The more interesting form of sound amplification, in my opinion, is the electronic/digital amplification that exists universally in our technology today. A great example of how this works relies on a slightly older piece of technology, a record player with electronic amplification. A vinyl record reproduces sound as the needle of the record player spins through its grooves and vibrates. The record player is able to convert these small vibrations into electrical signal. In the amplifier, this current is strengthened and reproduced as sound at a much louder volume.
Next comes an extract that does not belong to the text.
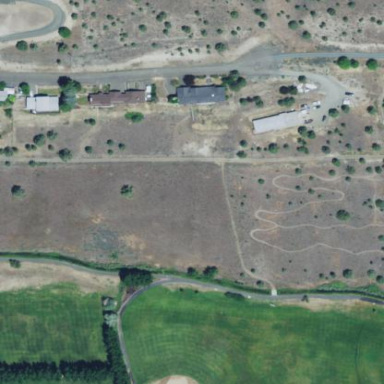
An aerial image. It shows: Disc golf course designed for leisure and sport.

Much of our other technology works in the same way - electrical impulses are increased in strength in order to produce a louder sound. This is how microphones work as well as musical instrument amplifiers, such as guitar amps.
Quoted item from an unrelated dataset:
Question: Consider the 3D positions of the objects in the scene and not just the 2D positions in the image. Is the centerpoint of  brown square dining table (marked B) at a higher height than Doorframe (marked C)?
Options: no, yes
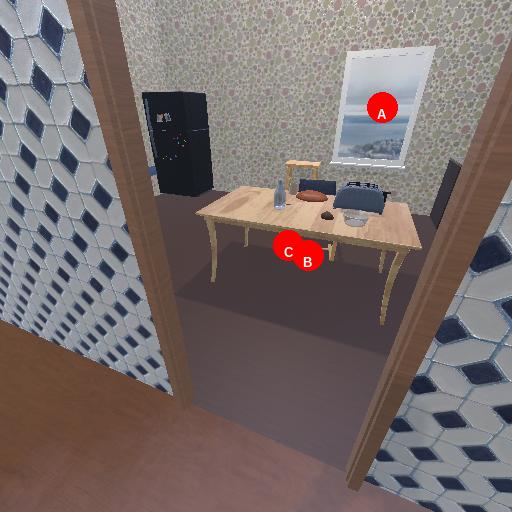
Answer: no

The existence of sound amplification brings up a few more questions about when it is necessary and the ways in which sound travels. Obviously in a small, quiet room, a guitar amp is not needed to hear the sound produced by a guitarist. What happens if it is a long room, however, and the guitar player is very far away? Though it may seem quiet, it may not be as easy for you to hear the guitar player without amplification if you are situated at opposite ends of the room. This pertains to the inverse square law, which relates the amplitude of sound to the distance it travels from its source to a listener. The law states that as the distance doubles, the intensity of the sound is decreased by a factor of four. This corresponds to a constant drop of six decibels each time the distance is doubled. Because of this, in certain cases sound amplification may be necessary simply due to the distance that sound needs to travel. This is especially relevant in large concert halls or outdoor venues.

Works Cited:

Wednesday, January 13, 2016

Haas Effect / Precedence Effect

The Haas effect and the precedence effect are effectively two names for the same psychoacoustic phenomenon and can be used interchangeably for the most part. Haas refers to Helmut Haas, the scientist credited with first describing this effect, while precedence provides a better sense as to what the effect actually is. I did explore some psychoacoustic phenomena during my first semester studies, but decided to put off study of the precedence effect until now due to its relevance. The precedence effect is a fundamental reason that we are able to perceive sound dimensionally, which relates directly to my previous post about stereo imaging.

The precedence effect occurs when we hear an initial sound and then its reflections (echos/delays, reverberations) approximately 1-40 milliseconds later. The information that arrives in our ears during this short period is critical in how our brains determine the location or width of a sound. This is the precedence effect in a nutshell; in reality it is a very simple phenomenon to understand if you do not dive deeply into neuroscience, and within that area there is still much to discover. A basic understanding of this effect can still be very useful for a musician or producer.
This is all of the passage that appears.